Nous sommes donc entrés dans l’ère post-Charlie. Une de ces périodes historiques en forme de césures où l’on se surprend à penser à l’avant et à l’après. Après Charlie, plus rien ne sera comme avant. Chacun se rappelle ce moment crucial du 7 janvier : À qui a-t-on parlé ? Où étions-nous ? Le 11 septembre français a éclipsé des événements majeurs comme les aventures littéraires de Valérie Trierweiler ou le périple carcéral de Nabila. L’espace d’un court instant, nous voilà tous obligés de réfléchir à nos vies, nos métiers, et forcément ici, à la rédaction d’Asud, la question est venue d’elle-même : Et la drogue dans tout ça ?
La réponse, c’est le pharmakon, ce mot grec signifie à la fois le remède, le poison et la victime expiatoire, le bouc émissaire que l’on sacrifie… On comprend aisément pourquoi ce mot fascine les spécialistes des addictions. Il désigne à lui seul les faces multiples du monstre connu sous le nom de « drogue ». Poison pour les uns, remède pour d’autres, mais surtout bouc émissaire, prétexte idéal, casus belli de rêve. Le pharmakon, c’est une entrée permanente pour les chars en Pologne, un attentat quotidien de Sarajevo. Grâce à lui, les hommes riches et puissants de nos vieilles démocraties d’Occident peuvent dormir tranquilles, il sera toujours là pour être brandi si nécessaire. Depuis 1970, le pharmakon nous aide à maintenir l’ennemi sous pression, à savoir les jeunes, les minorités d’origine africaine, les pauvres, et de préférence, ceux qui sont tout cela à la fois.
Le pharmakon, donc. Il y a quelques années, nous avions déjà évoqué ce lien entre l’usage de substances psychoactives et le recul de la religion.
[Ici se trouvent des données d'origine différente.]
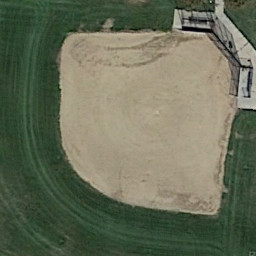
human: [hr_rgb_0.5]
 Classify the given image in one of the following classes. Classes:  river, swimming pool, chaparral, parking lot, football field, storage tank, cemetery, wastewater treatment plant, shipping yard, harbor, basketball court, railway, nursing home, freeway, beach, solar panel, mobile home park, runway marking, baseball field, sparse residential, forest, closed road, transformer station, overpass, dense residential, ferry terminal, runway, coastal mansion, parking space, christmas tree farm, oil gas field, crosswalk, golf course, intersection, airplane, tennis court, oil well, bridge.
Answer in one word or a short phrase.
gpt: baseball field

Nous avions suggéré de considérer la place occupée dans nos sociétés matérialistes et athées par le nouveau clergé en blouse blanche qui détient le pouvoir magique de prescription. Nous avions écrit sur les « chimiocrates », ceux, addictologues ou addicts tout court, qui croient au pouvoir des petites pilules pour changer la vie. À l’époque, les fous de Dieu commençaient à faire la Une des journaux, mais les quartiers dits « sensibles », peuplés de descendants d’immigrés, étaient depuis longtemps engagés dans une sinistre dialectique entre le dealer d’un côté et l’imam de l’autre, la République ayant déclaré forfait.
Le temps a passé, creusant toujours le même sillon… Pharmakon : poison, remède et bouc émissaire. Aujourd’hui, c’est l’islam qui colle point par point à ces trois définitions. Attention, un pharmakon peut en cacher un autre…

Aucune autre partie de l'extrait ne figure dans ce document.